Exercise goal: Keep each entry exactly as written when you repeat it, and skip the images.

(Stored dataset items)
★ ★ ★ ★ ★ ★ ★

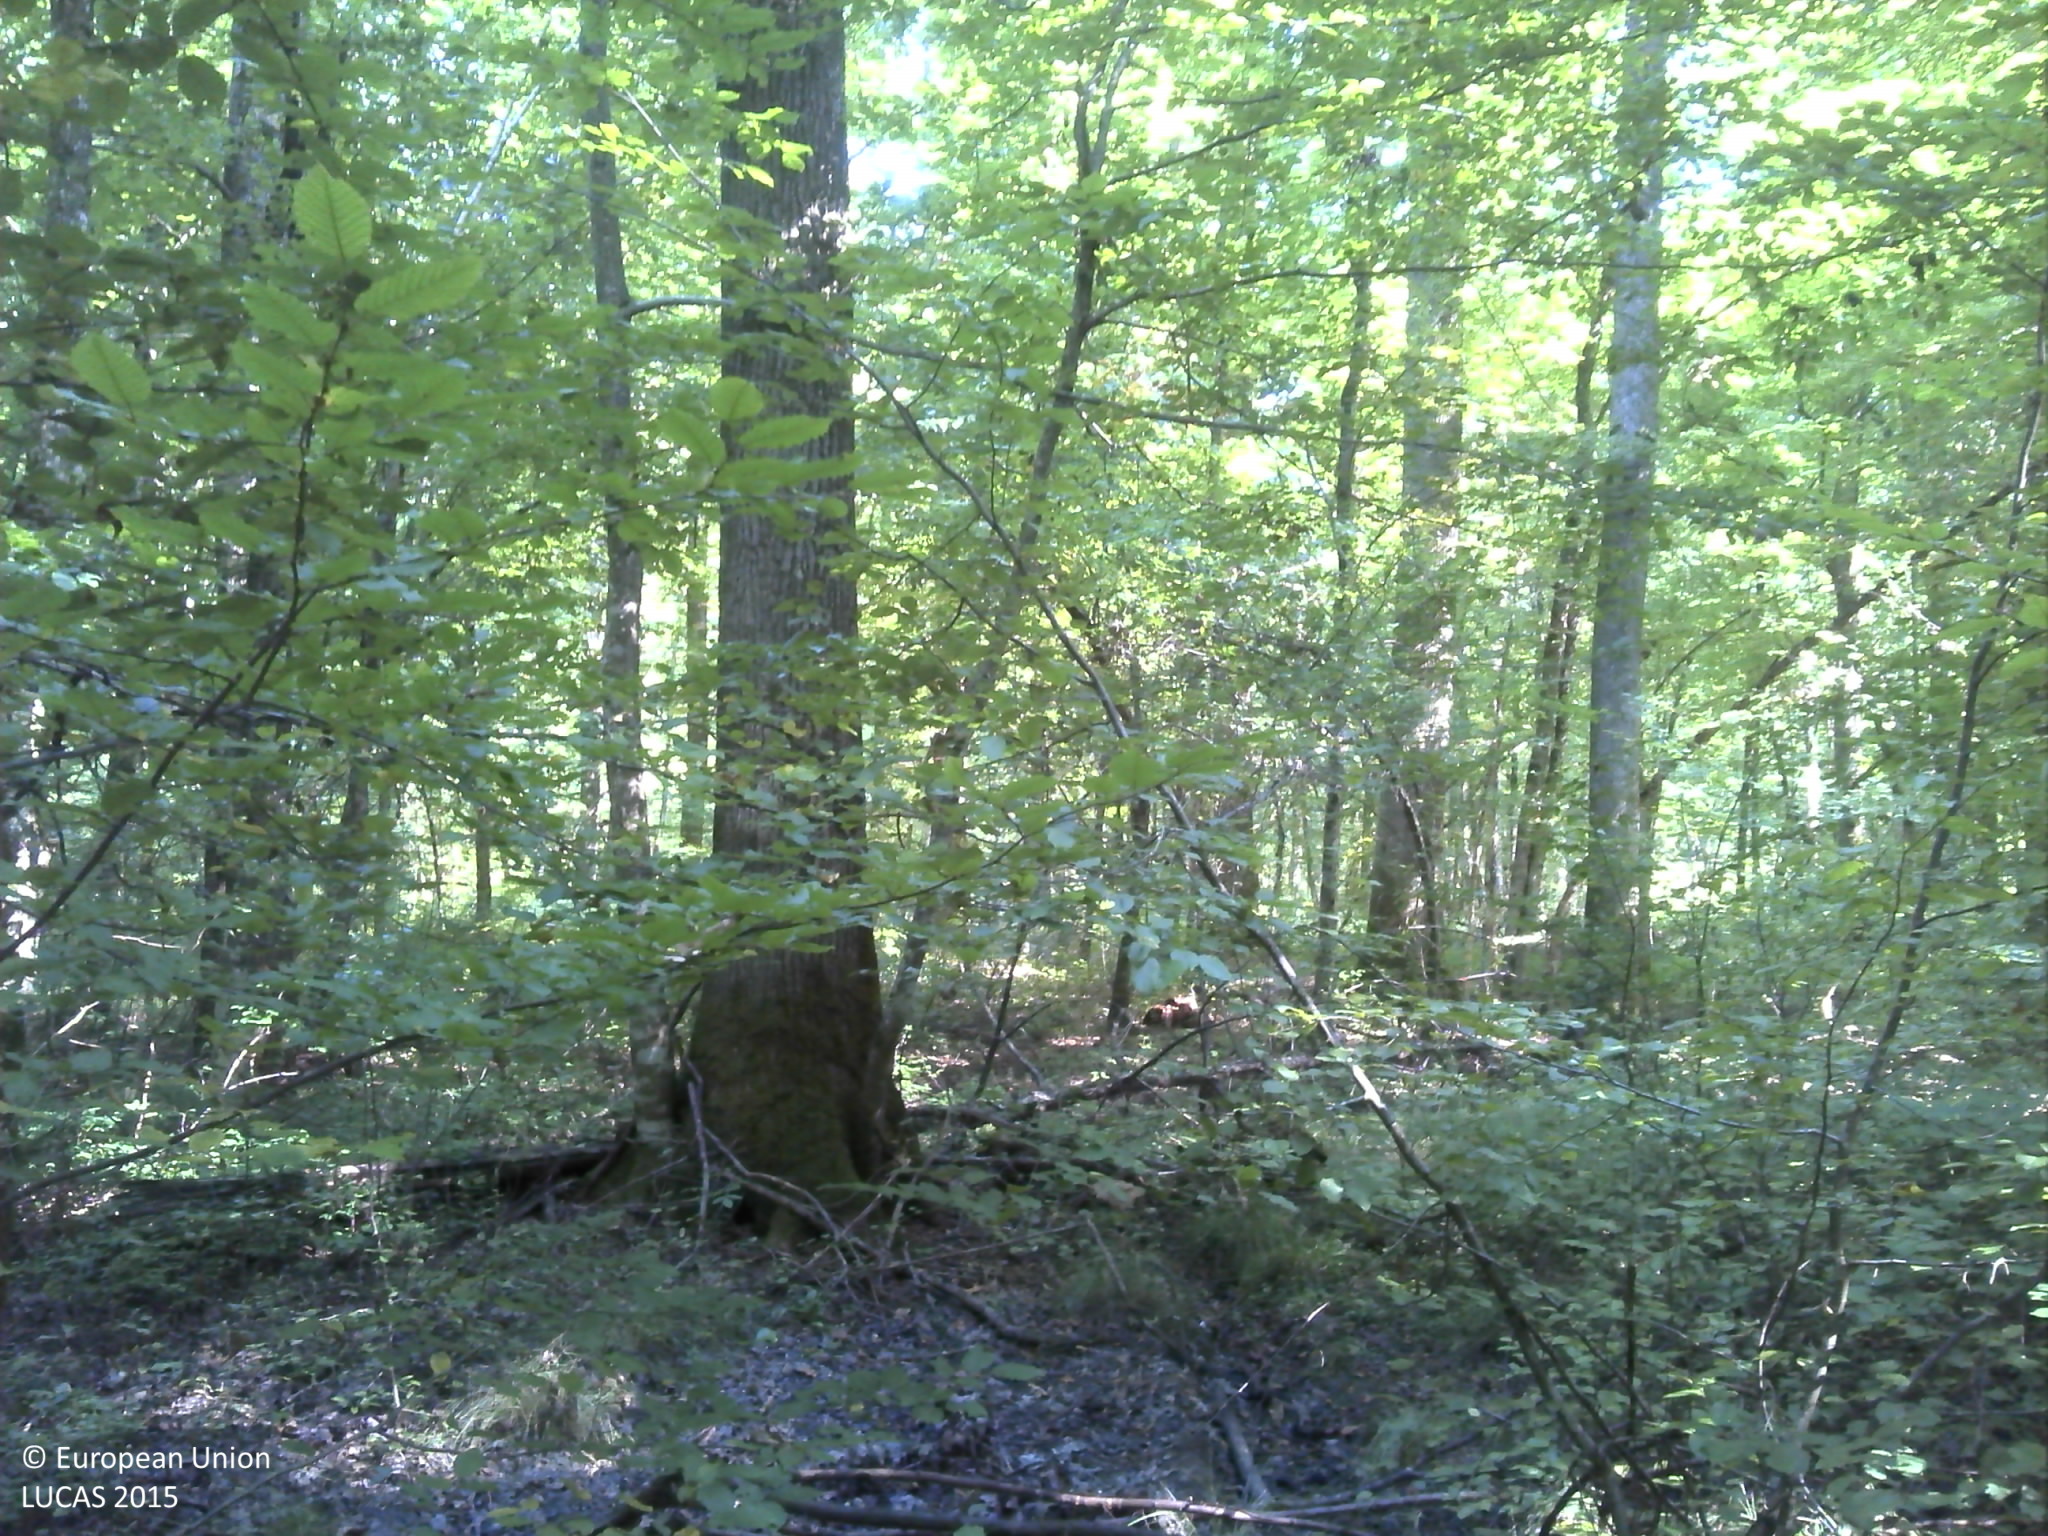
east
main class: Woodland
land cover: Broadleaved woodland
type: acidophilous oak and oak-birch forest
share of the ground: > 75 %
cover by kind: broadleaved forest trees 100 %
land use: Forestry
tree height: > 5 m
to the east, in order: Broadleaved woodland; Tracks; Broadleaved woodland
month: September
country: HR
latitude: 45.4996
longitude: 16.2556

★ ★ ★ ★ ★ ★ ★

Result of this task:
east
main class: Woodland
land cover: Broadleaved woodland
type: acidophilous oak and oak-birch forest
share of the ground: > 75 %
cover by kind: broadleaved forest trees 100 %
land use: Forestry
tree height: > 5 m
to the east, in order: Broadleaved woodland; Tracks; Broadleaved woodland
month: September
country: HR
latitude: 45.4996
longitude: 16.2556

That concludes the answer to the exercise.